Employment and integration: the key points of the new Flemish government

Flemish prime minister designate Jan Jambon has presented the programme of his new government accord to the press.  Mr Jambon intends to govern Flanders for the next five years in a coalition of Flemish nationalists, Christian democrats and liberals.

Mr Jambon said his team had the ambition of taking Flanders ahead so that it becomes a point of reference in Europe.

Employment is a major challenge. Employment levels need to be raised from 75% to 80%, an ambitious goal.  This means creating 120,000 new Flemish jobs.  The intention is that as many people as possible can contribute to society also by working. A job bonus will make the difference between working and not working bigger to encourage more people to work. Tax breaks will be introduced to benefit the low skilled and the low paid. Low paid workers should see several hundred euros a year more in their pay packet at the end of the year.

More efforts will be made to re-school workers with greater guidance from the employment agency after three months of unemployment.

Newcomers will be obliged to register with the employment agency too. People who have been unemployed for more than two years will have to do community service.

The result of the 26 May general election revealed a great malaise and a feeling that all burdens are not equally shared Mr Jambon said.

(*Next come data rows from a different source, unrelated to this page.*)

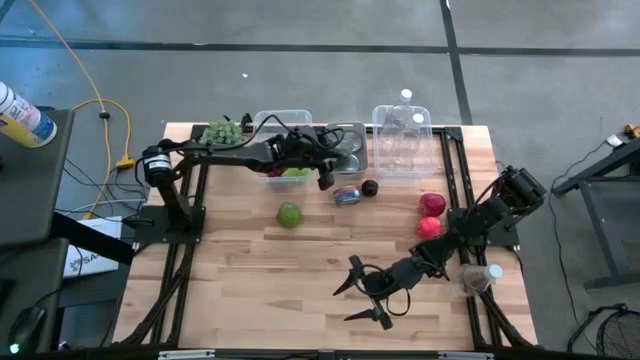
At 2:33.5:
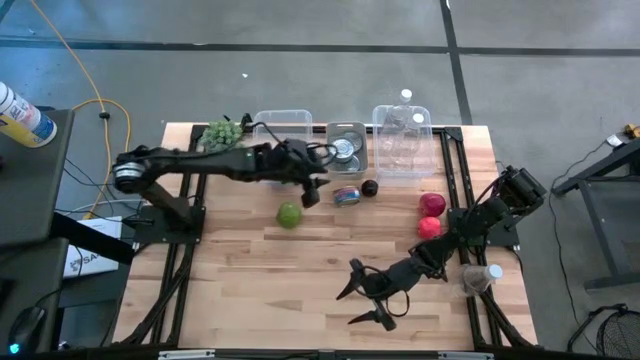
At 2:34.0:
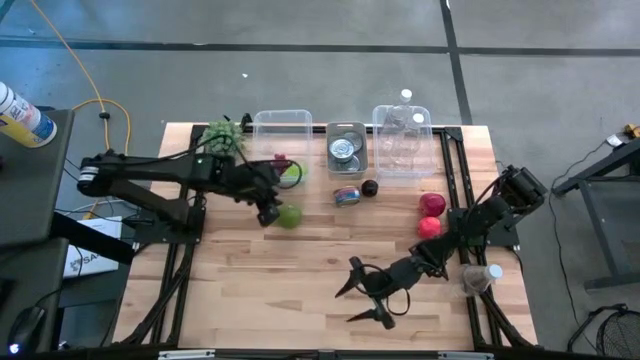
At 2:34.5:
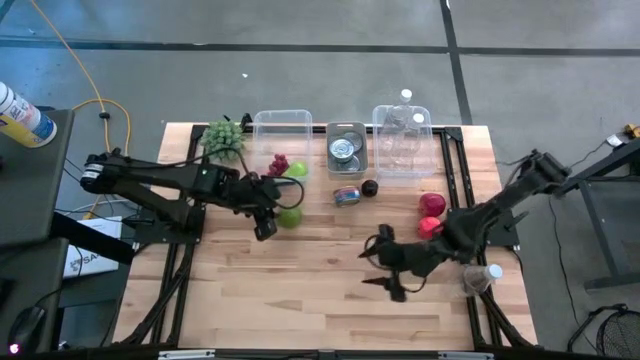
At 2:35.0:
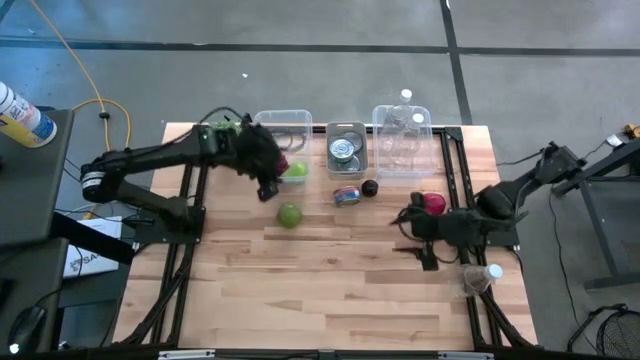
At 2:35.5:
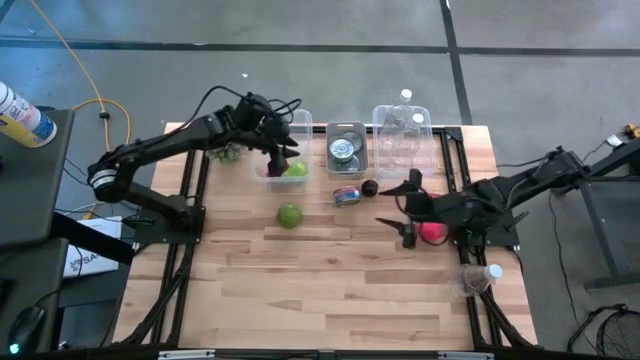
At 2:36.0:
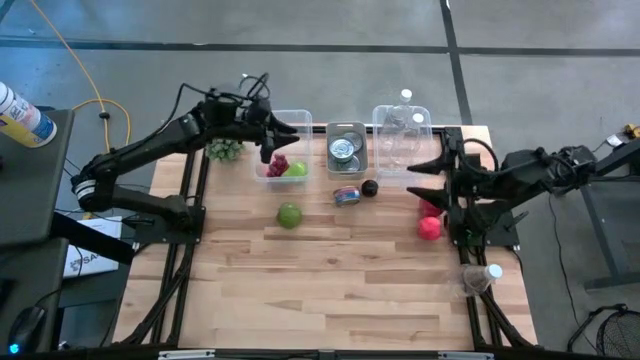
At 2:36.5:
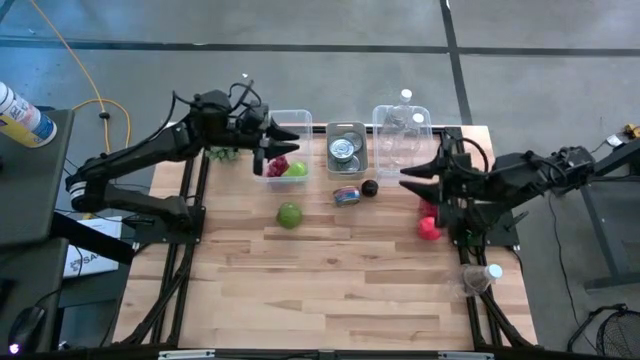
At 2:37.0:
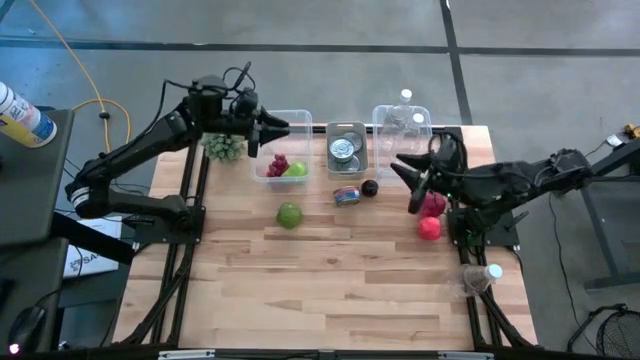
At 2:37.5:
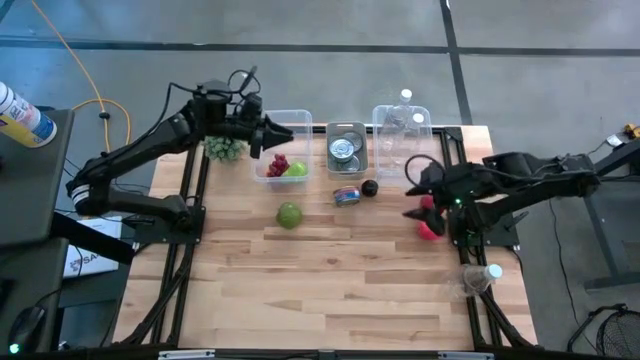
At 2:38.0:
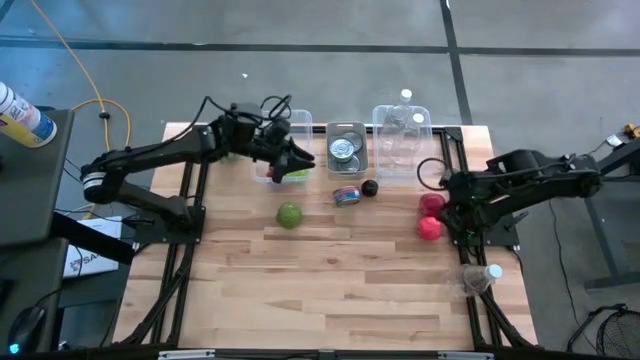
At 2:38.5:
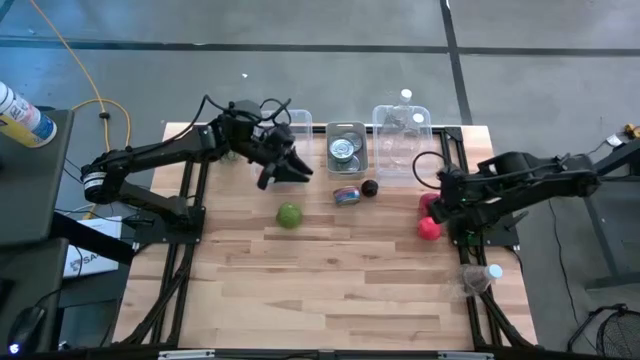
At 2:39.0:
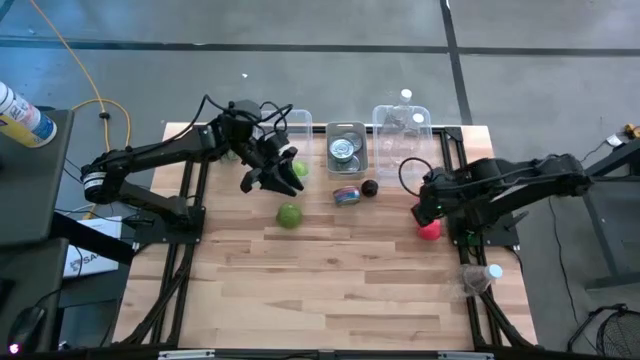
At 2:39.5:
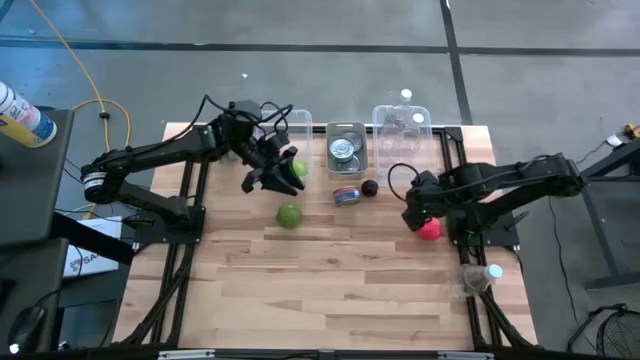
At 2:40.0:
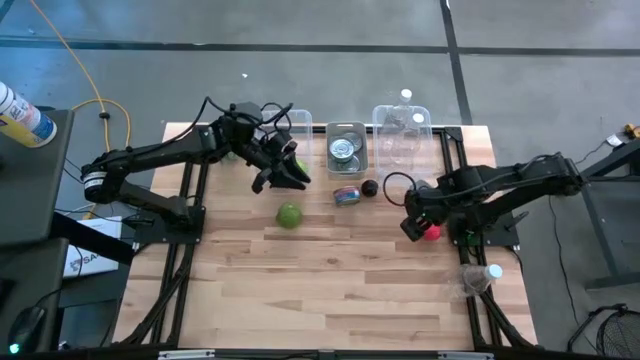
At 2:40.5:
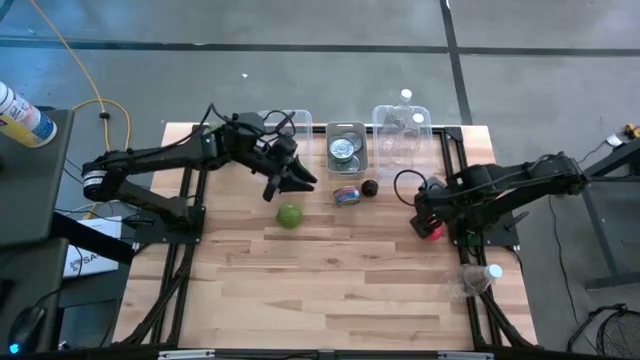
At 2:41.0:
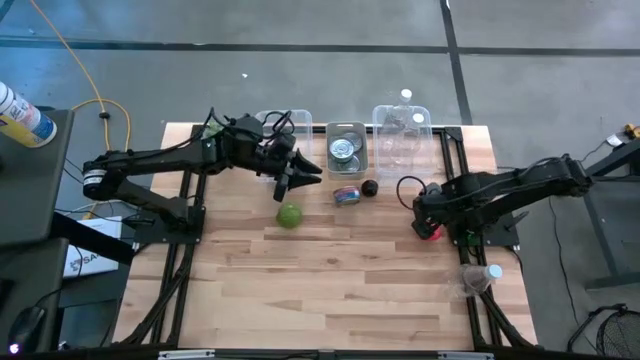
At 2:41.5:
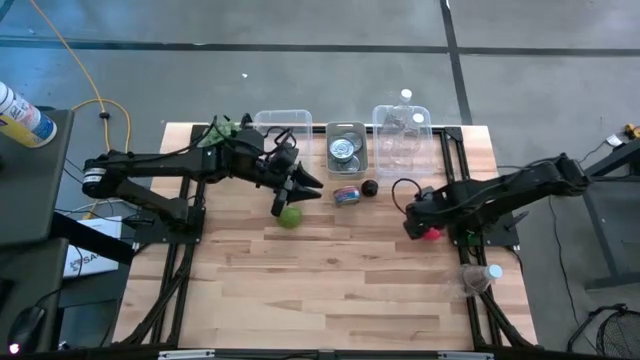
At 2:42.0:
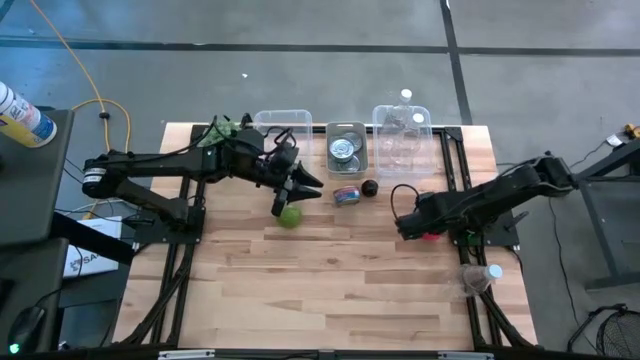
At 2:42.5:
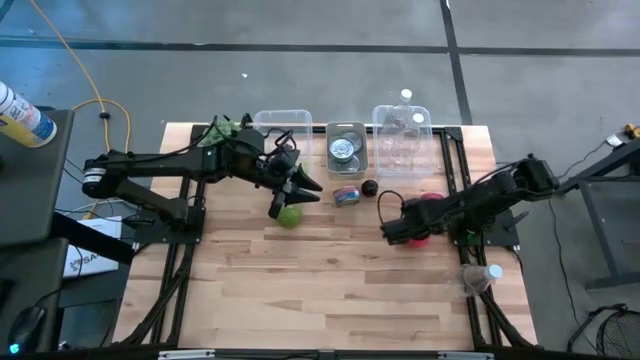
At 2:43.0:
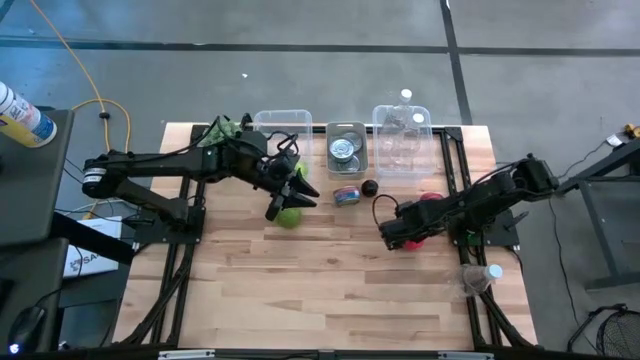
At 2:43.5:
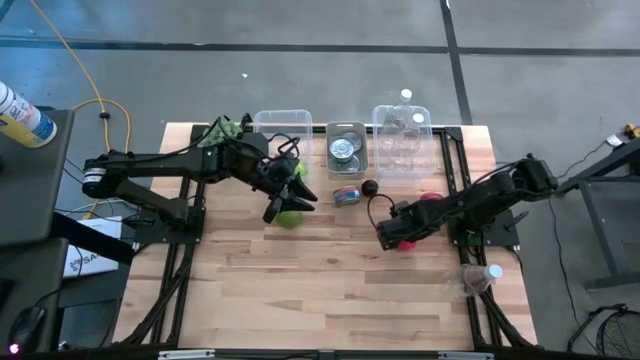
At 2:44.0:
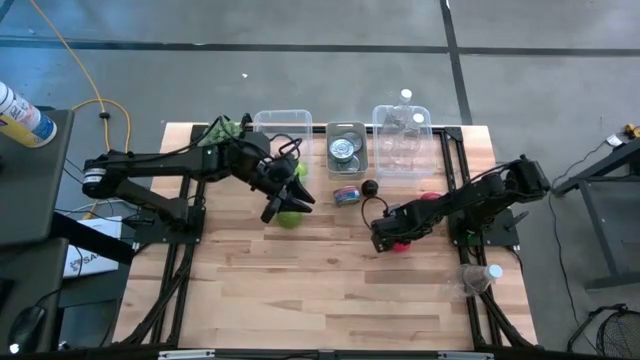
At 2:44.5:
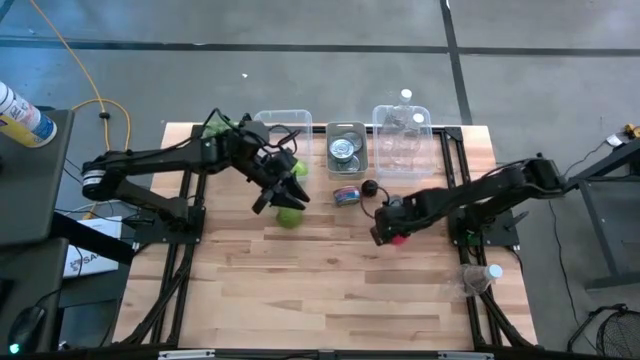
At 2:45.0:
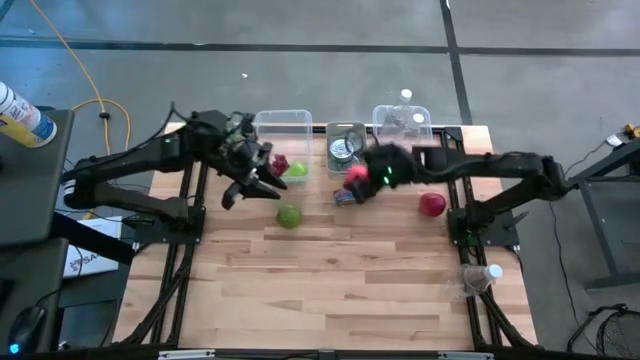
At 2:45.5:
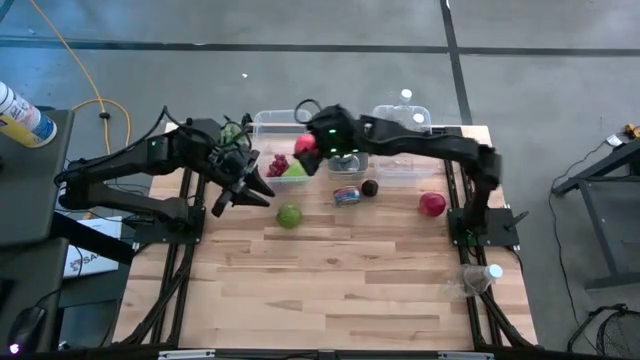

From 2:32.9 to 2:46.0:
Task: Pick & Place Food Item
Put the red apple into the left transparent bin

Greater demands on newcomers will be made. “The entrance ticket will be more expensive but once you are a member you will benefit fully from all provisions” Mr Jambon added.

Asylum seekers will no longer receive child allowance, but their children will get free schooling. There will be a greater emphasis on Dutch in integration courses and newcomers will be asked to sign a Flemish participation declaration. Newcomers will follow Dutch and social orientation courses and will have to pay a fee.

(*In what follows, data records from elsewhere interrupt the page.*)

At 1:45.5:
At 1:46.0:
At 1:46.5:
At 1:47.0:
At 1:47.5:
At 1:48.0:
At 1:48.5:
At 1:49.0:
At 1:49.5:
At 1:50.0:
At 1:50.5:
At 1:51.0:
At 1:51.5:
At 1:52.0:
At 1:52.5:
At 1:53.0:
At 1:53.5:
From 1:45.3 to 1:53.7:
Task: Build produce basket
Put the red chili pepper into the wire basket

Mr Jambon insisted on the need for neutral education without ideological or religious symbols: “Schools operating against our fundamental values will lose recognition” he noted.  “Good and local imam training anchored in our values is the goal”.

In education the government hopes to beef up quality, address teacher shortages, provide good guidance for pupils and address capacity concerns.

The importance of knowledge of Dutch was underlined: greater language integration efforts will be made too for all pupils who require this.

The new government will also focus on social policy.  There will be greater investment in care homes and other care provisions with more staff and ceilings on charges.  Working parents will get priority in child day care.  The tax advantage of owning a home will be shifted to a tax advantage on purchasing a home: buying a home will be cheaper than owning a home with property purchasing taxes being reduced by 1%. Local people will get priority for social housing.  Residence in Belgium during the last ten years will be required while income levels too will be checked.

Environment too is a priority for the new administration: greenhouse gas emissions will be cut by at least 80% by 2050.  Mr Jambon pointed to the fact that Flanders possesses the know-how to do this. Another goal is a doubling of wind and solar energy by 2030.

In local government voting in local elections will no longer be compulsory, while the list vote will disappear.